ACTIVITY :: Lines in the listing below that contain the string "road" are to be found and copied.

INPUT MATERIAL ::
-- Opening Marker --

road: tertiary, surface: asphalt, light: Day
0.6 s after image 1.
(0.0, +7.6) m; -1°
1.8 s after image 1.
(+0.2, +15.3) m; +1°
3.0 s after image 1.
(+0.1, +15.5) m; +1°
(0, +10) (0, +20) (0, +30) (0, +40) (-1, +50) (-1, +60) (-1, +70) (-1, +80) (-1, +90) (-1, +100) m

-- Closing Marker --
-- Opening Marker --

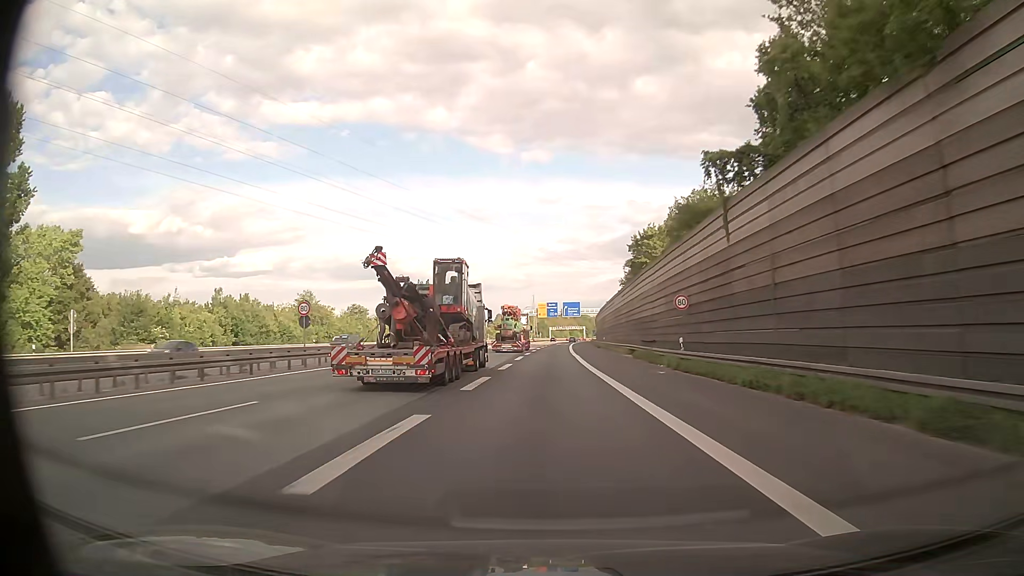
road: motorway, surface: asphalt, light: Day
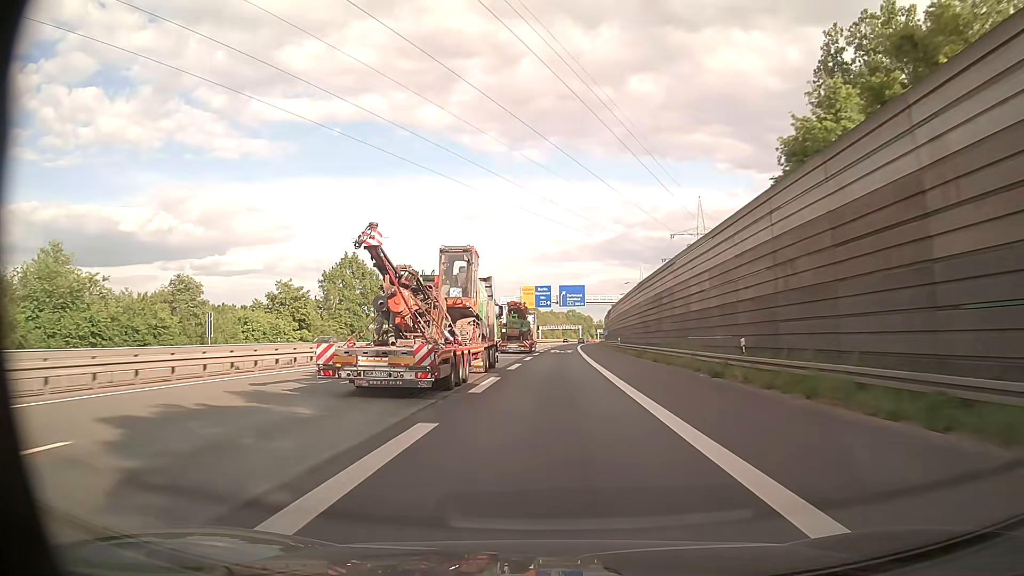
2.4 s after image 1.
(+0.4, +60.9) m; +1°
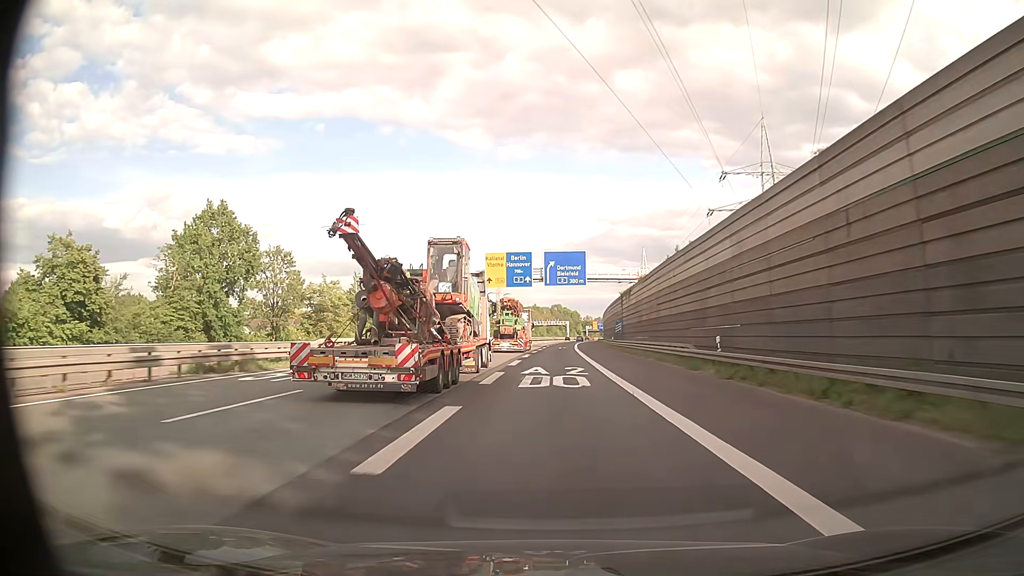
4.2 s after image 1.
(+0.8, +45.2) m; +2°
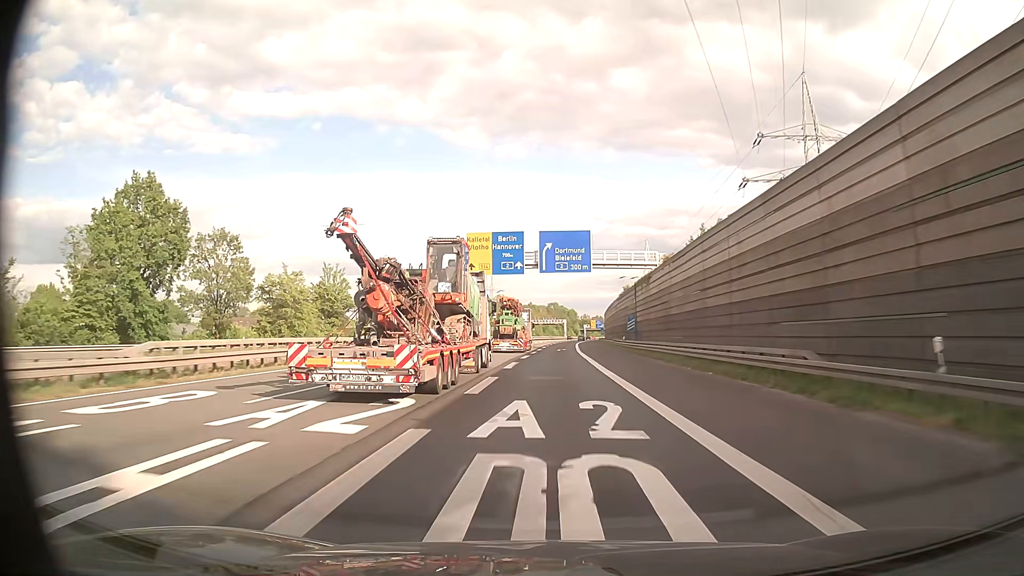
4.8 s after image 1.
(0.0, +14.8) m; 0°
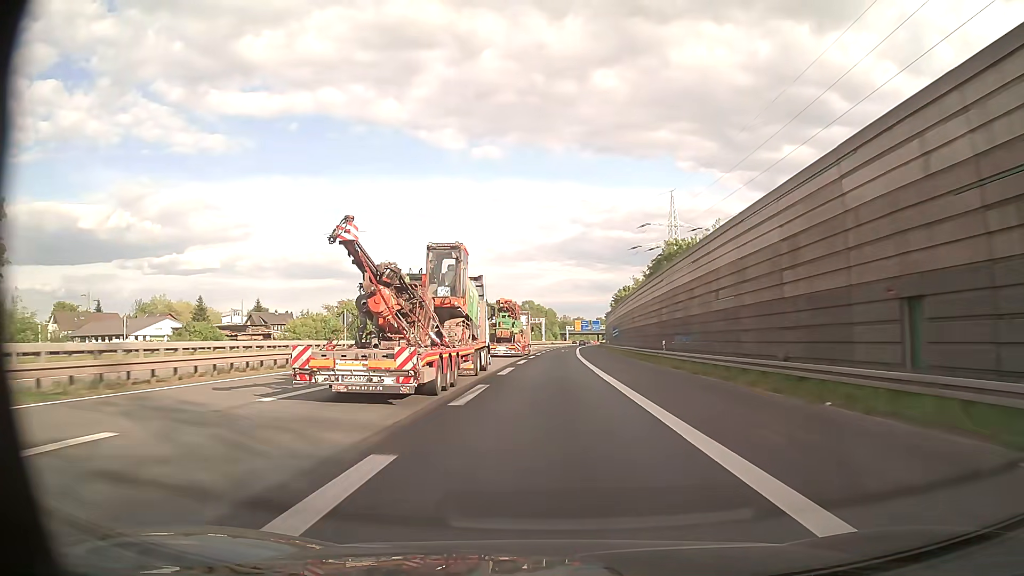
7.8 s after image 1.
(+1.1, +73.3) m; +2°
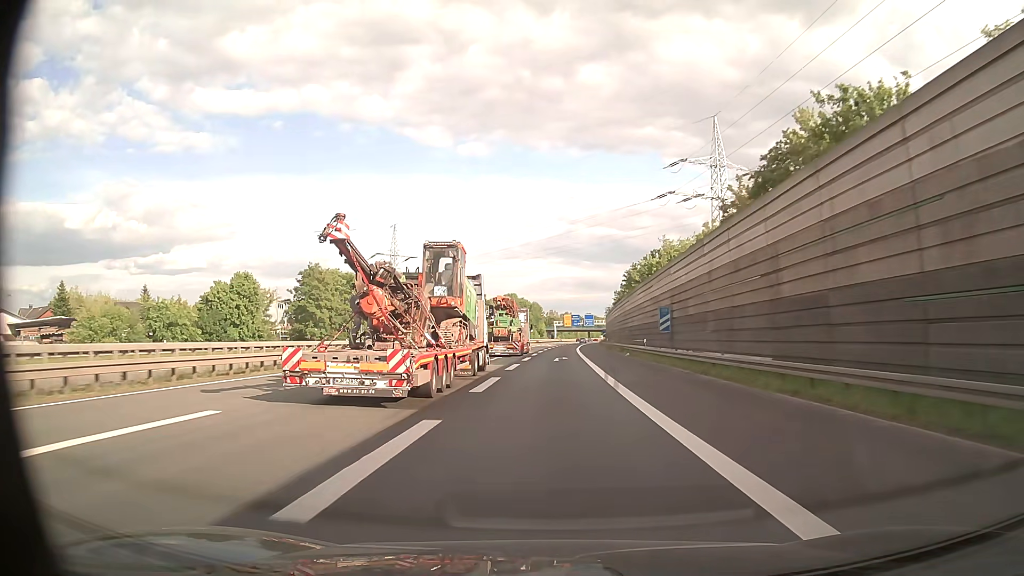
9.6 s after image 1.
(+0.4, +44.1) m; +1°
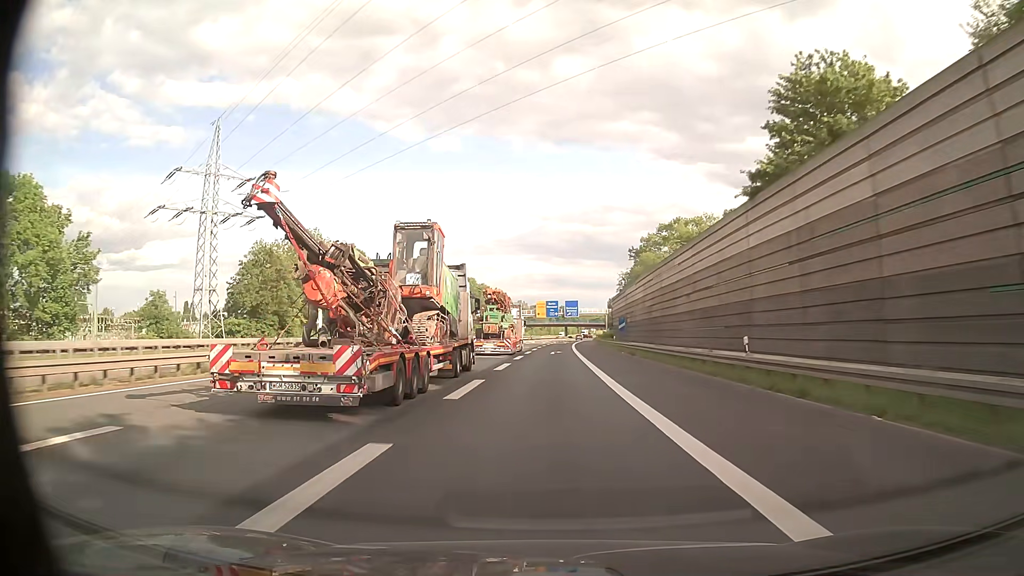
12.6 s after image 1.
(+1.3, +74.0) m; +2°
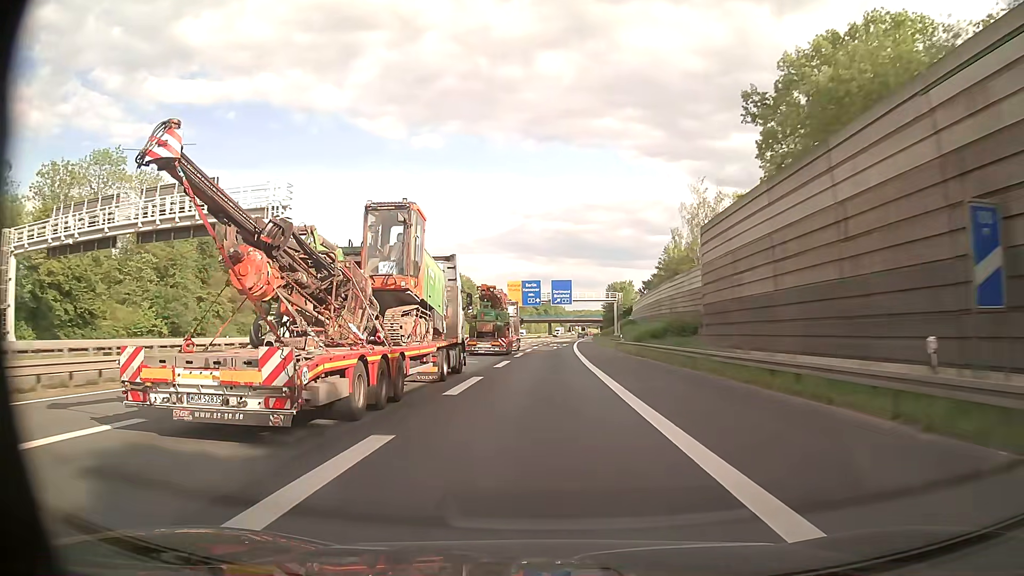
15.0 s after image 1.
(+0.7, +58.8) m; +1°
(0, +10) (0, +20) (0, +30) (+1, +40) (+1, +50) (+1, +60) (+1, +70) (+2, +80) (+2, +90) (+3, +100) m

-- Closing Marker --

COMPLETED TASK ::
road: tertiary, surface: asphalt, light: Day
road: motorway, surface: asphalt, light: Day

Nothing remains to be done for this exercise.